Start of Block

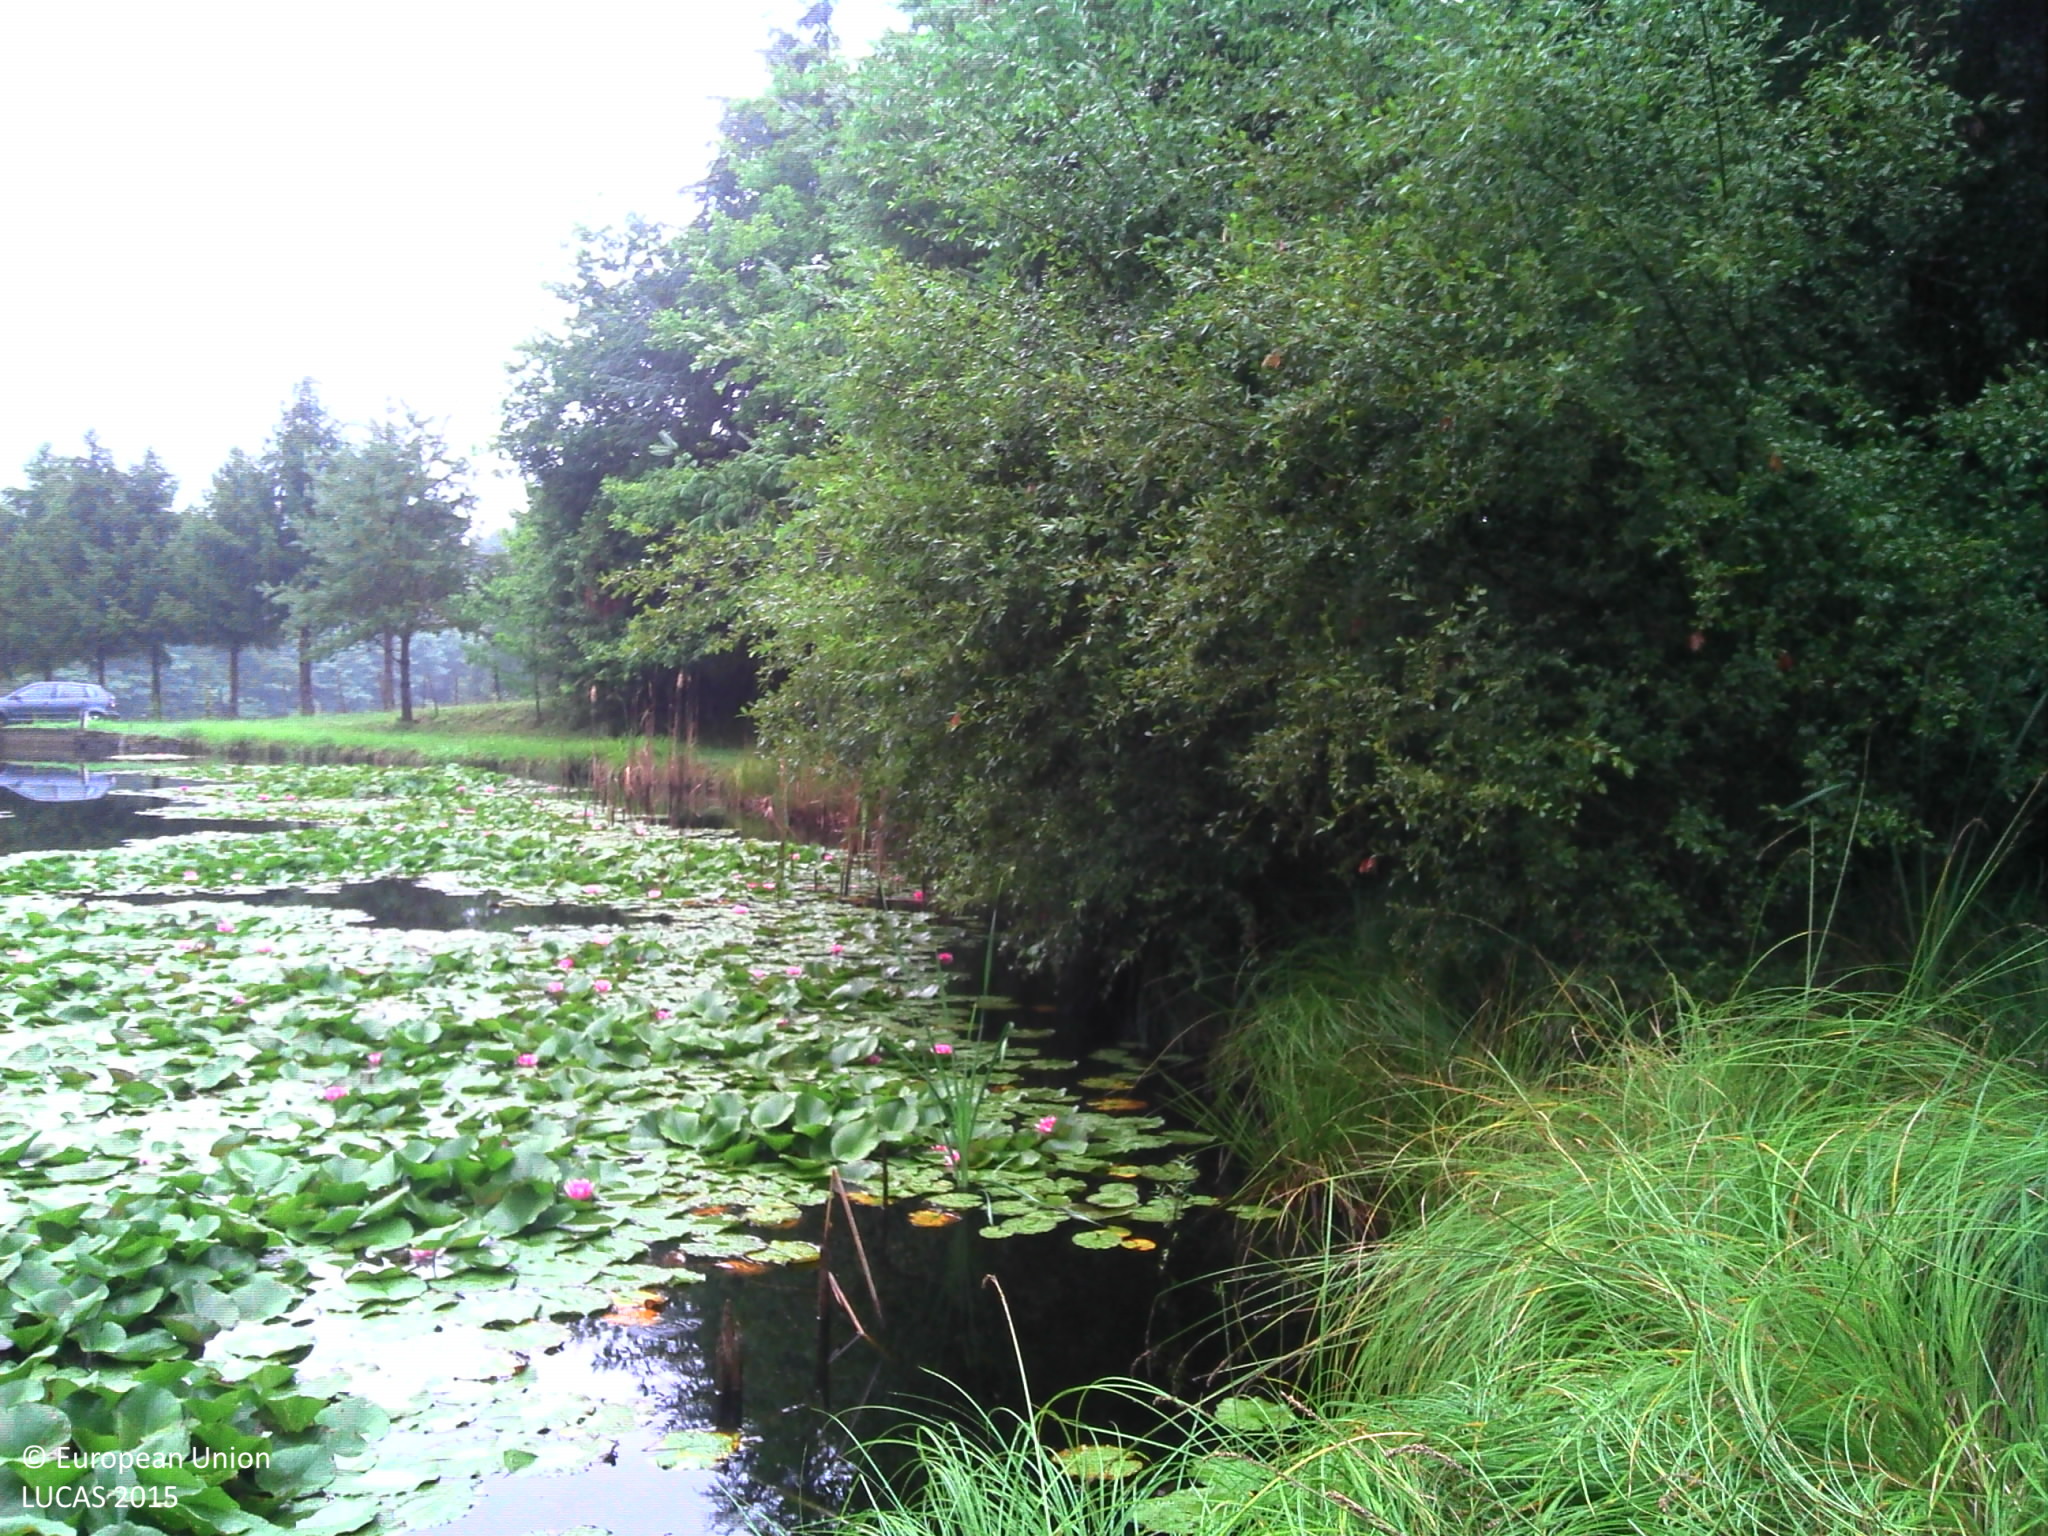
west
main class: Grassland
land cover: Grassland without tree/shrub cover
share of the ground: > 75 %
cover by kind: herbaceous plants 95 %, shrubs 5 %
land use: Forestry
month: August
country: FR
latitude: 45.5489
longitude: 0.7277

End of Block

Retype the line containing "cover by kind: herbaceous" and each line after it through the end of the listing, exactly, leaving out everything else.

### The completed task:
cover by kind: herbaceous plants 95 %, shrubs 5 %
land use: Forestry
month: August
country: FR
latitude: 45.5489
longitude: 0.7277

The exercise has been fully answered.